Point estimate consists of a single figure predicting the parameter value. 

Interval estimate consists of a numerical range where the parameter is expected to fall with certain confidence.

Confidence coefficient is a probability that measures the reliability of any interval estimate.

Confidence level is the confidence expressed as a percentage.

Confidence interval is an interval estimate calculated with a specified confidence level.

Margin of error is a measure of the error of estimation that involves the given confidence level and sample size.

Precision of any confidence interval is associated with the width of the interval estimate. The precision is better as the margin of error is smaller.


 

Chapter 6: Hypothesis Testing (using a single sample)

 
Hypothesis Testing is the statistical procedure designed to test a claim about a population parameter based on the statistical evidence contained in a representative sample of the population.
 
Research hypothesis is a claim about a population parameter that can be tested using sample data.

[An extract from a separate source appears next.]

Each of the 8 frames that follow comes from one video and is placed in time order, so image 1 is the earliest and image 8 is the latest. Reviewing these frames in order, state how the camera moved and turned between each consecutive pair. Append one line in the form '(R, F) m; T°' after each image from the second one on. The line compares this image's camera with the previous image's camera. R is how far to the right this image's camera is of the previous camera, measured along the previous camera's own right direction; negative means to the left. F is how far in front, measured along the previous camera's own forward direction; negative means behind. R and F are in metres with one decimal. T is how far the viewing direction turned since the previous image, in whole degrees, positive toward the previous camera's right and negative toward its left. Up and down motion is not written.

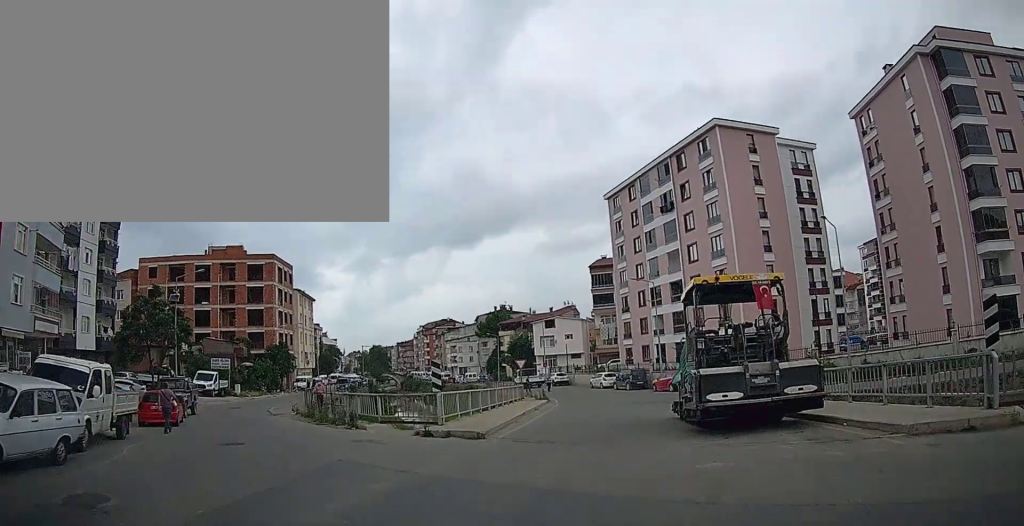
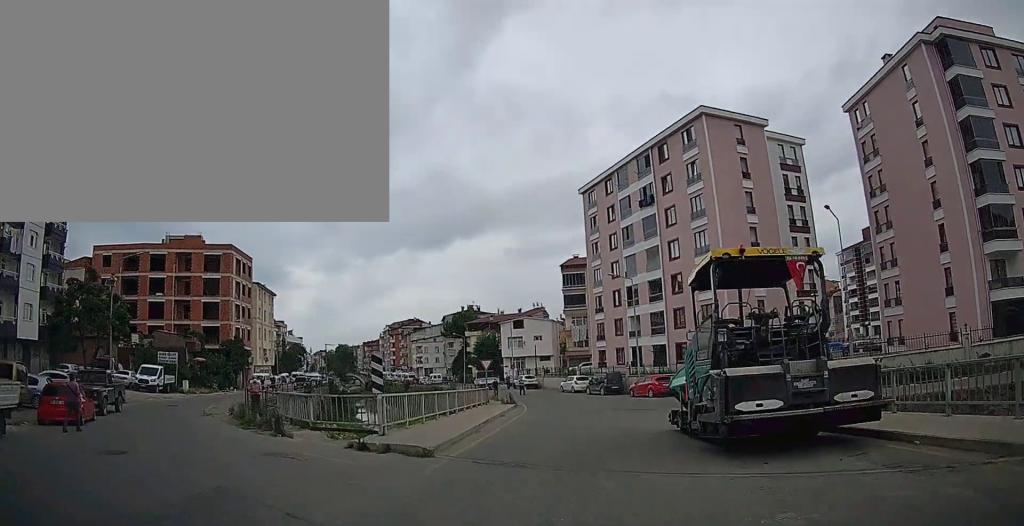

Statistical hypotheses are the null and alternative hypotheses.

Alternative hypothesis (Ha) describes the research hypothesis of the problem. It contains strict inequalities.

Null hypothesis (Ho) describes the opposite of the alternative hypothesis. The null hypothesis must contain the equality sign.
Test Statistic is a formula that summarizes the statistical evidence collected against the null hypothesis (or in favor of the alternative/research hypothesis).
Rejection region is the set of values of the test statistic indicating convincing evidence against Ho.
Type I error consists of rejecting the null hypothesis Ho when Ho is actually true.

Type II error consists of failing to reject Ho when Ho is actually false.
 
Alpha designates the probability of type I error. 

Beta designates the probability of type II error.

 
p-value is a probability that measures the strength of our case against Ho (that is, in favor of Ha). The p-value of any statistical test describes the observed probability of type I error.